BEGIN

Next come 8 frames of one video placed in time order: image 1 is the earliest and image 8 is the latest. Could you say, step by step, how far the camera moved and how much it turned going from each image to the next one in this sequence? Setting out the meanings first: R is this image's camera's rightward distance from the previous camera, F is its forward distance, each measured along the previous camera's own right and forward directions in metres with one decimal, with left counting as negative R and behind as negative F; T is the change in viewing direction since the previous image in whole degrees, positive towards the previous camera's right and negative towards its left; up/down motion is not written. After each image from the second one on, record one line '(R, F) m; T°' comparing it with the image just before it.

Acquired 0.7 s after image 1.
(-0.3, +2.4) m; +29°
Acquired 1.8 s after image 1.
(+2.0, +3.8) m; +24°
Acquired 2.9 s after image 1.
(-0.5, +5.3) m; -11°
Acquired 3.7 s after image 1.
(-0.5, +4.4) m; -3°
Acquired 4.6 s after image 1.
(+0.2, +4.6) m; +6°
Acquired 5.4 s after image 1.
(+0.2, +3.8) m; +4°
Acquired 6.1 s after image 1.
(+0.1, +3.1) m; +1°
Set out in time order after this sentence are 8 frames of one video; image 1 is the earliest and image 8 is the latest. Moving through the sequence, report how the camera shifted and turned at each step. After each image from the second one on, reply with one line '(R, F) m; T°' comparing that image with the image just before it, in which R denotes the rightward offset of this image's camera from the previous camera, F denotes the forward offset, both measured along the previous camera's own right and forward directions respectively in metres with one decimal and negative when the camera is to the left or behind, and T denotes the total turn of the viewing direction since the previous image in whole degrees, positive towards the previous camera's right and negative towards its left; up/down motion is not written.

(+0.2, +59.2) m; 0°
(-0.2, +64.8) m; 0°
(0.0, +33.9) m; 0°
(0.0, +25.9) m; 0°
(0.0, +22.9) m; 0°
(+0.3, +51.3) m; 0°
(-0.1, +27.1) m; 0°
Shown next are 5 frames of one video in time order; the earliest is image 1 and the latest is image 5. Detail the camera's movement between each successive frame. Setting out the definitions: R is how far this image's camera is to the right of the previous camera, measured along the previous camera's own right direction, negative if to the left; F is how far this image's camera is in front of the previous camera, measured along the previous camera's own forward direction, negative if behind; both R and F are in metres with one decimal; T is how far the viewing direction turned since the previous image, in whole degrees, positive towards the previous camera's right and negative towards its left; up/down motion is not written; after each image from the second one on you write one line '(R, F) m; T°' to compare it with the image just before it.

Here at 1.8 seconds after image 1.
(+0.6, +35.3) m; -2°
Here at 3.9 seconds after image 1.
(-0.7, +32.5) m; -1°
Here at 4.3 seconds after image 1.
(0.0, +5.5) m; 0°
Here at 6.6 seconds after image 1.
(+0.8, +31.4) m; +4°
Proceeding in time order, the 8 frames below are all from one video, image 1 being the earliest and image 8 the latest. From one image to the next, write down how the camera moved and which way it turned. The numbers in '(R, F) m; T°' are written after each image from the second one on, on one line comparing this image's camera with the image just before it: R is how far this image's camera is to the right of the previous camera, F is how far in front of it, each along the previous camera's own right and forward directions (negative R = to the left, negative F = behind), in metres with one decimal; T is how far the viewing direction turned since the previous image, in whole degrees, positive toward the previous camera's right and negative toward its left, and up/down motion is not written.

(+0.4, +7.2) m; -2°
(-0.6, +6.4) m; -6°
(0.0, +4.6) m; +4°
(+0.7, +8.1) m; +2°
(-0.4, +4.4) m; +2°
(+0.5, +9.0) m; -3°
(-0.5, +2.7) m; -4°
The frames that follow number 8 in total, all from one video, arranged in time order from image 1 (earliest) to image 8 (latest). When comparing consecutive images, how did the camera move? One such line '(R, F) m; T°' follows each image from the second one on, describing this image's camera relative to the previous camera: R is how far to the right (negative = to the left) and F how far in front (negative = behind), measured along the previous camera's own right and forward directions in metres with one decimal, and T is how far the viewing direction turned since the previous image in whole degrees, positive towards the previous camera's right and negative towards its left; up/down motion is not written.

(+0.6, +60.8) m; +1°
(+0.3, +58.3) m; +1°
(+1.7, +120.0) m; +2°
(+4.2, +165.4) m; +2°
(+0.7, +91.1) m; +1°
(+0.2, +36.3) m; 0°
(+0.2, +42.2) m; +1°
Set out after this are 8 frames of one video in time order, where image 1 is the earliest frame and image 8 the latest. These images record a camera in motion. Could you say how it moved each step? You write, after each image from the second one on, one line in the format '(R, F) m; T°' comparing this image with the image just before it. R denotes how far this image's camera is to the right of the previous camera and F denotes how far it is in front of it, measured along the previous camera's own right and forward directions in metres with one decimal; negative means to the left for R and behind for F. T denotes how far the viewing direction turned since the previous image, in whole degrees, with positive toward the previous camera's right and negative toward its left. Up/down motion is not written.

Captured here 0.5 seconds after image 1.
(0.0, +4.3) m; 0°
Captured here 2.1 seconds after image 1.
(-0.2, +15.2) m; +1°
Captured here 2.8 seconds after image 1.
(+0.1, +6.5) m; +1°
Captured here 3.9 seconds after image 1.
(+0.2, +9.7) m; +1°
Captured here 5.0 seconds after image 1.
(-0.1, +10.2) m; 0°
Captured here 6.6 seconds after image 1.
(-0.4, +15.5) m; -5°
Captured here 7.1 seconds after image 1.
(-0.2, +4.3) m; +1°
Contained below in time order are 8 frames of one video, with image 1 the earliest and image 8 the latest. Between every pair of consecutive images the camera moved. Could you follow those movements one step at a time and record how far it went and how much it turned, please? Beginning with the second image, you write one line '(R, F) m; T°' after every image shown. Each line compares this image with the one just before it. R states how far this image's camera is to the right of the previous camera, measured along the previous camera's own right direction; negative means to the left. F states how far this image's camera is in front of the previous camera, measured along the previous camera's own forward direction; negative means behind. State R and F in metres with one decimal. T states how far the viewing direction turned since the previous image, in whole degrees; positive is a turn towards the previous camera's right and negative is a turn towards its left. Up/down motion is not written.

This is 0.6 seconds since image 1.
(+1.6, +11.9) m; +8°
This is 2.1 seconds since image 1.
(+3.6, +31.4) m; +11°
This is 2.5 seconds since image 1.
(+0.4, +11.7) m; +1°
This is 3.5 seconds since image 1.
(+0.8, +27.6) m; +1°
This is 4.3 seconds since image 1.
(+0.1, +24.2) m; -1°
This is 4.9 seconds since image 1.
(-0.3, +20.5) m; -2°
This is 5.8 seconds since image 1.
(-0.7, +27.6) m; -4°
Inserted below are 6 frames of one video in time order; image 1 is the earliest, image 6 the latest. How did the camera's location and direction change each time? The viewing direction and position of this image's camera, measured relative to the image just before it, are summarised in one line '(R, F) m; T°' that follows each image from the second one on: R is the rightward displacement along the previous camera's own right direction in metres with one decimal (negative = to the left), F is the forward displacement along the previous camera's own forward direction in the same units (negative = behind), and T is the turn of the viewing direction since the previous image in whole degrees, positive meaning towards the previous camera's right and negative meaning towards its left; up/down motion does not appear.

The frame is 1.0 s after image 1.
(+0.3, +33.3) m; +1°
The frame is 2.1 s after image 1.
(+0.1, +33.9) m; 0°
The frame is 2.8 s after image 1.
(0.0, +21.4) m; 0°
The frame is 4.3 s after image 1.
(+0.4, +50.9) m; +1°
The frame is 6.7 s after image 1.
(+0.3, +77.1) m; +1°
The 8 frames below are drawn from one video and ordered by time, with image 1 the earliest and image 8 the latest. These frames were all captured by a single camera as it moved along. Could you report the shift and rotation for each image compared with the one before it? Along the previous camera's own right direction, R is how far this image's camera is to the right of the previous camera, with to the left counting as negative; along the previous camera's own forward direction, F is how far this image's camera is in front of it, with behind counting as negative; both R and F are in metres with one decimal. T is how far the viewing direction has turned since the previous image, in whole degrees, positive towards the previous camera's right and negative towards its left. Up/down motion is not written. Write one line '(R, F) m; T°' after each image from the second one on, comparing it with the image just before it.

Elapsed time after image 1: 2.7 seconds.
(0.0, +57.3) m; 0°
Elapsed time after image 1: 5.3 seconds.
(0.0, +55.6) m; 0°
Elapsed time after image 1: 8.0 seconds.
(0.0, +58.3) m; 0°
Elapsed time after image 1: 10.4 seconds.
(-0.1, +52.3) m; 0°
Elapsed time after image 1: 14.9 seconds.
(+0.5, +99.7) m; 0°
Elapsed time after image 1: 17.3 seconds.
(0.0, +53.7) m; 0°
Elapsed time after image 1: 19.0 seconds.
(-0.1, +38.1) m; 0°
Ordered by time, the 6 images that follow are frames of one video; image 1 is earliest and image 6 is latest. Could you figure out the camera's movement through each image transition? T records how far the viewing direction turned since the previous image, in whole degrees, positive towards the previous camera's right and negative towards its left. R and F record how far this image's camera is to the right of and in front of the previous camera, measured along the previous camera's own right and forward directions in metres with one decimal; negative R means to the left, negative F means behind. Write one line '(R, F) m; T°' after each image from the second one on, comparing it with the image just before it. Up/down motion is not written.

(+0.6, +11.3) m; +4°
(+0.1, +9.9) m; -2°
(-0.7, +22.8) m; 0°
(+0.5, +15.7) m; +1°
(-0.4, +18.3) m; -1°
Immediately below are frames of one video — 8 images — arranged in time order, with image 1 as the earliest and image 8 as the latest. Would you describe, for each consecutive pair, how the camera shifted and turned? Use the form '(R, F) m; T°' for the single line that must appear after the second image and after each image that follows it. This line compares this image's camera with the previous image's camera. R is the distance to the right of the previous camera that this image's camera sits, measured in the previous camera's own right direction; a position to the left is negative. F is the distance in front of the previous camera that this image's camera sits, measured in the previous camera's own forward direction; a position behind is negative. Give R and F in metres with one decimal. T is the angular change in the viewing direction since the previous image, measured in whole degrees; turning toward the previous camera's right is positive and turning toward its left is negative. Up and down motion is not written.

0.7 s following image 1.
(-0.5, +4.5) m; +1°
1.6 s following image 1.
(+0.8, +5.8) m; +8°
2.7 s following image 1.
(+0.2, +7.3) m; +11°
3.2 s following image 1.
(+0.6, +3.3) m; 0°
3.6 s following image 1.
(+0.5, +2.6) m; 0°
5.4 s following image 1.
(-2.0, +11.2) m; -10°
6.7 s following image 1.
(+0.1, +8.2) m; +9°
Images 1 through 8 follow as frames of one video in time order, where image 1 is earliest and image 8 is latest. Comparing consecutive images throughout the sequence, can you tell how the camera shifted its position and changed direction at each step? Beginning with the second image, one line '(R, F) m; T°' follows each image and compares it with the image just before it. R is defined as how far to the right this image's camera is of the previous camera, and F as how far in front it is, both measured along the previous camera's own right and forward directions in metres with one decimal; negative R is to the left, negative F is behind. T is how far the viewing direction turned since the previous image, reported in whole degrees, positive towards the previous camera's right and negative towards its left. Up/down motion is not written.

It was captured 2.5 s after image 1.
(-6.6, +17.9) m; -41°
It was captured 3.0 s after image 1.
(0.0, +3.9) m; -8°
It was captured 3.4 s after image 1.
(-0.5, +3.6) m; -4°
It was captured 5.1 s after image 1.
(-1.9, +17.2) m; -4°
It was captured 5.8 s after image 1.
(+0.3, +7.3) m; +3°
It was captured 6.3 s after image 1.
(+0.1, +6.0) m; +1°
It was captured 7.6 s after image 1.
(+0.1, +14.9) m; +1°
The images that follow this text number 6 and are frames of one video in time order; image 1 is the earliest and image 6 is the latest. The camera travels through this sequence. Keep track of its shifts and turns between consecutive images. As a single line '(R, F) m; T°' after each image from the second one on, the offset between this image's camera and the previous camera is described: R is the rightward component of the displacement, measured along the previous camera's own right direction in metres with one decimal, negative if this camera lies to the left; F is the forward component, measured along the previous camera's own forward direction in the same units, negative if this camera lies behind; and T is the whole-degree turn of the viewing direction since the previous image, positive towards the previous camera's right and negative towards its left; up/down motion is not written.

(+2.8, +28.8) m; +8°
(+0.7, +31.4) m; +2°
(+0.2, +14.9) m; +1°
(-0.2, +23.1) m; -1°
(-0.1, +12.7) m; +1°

END

ABOUT THIS TASK:
Report every line containing the word "where" from the listing above.

ANSWER SECTION:
Set out after this are 8 frames of one video in time order, where image 1 is the earliest frame and image 8 the latest. These images record a camera in motion. Could you say how it moved each step? You write, after each image from the second one on, one line in the format '(R, F) m; T°' comparing this image with the image just before it. R denotes how far this image's camera is to the right of the previous camera and F denotes how far it is in front of it, measured along the previous camera's own right and forward directions in metres with one decimal; negative means to the left for R and behind for F. T denotes how far the viewing direction turned since the previous image, in whole degrees, with positive toward the previous camera's right and negative toward its left. Up/down motion is not written.
Images 1 through 8 follow as frames of one video in time order, where image 1 is earliest and image 8 is latest. Comparing consecutive images throughout the sequence, can you tell how the camera shifted its position and changed direction at each step? Beginning with the second image, one line '(R, F) m; T°' follows each image and compares it with the image just before it. R is defined as how far to the right this image's camera is of the previous camera, and F as how far in front it is, both measured along the previous camera's own right and forward directions in metres with one decimal; negative R is to the left, negative F is behind. T is how far the viewing direction turned since the previous image, reported in whole degrees, positive towards the previous camera's right and negative towards its left. Up/down motion is not written.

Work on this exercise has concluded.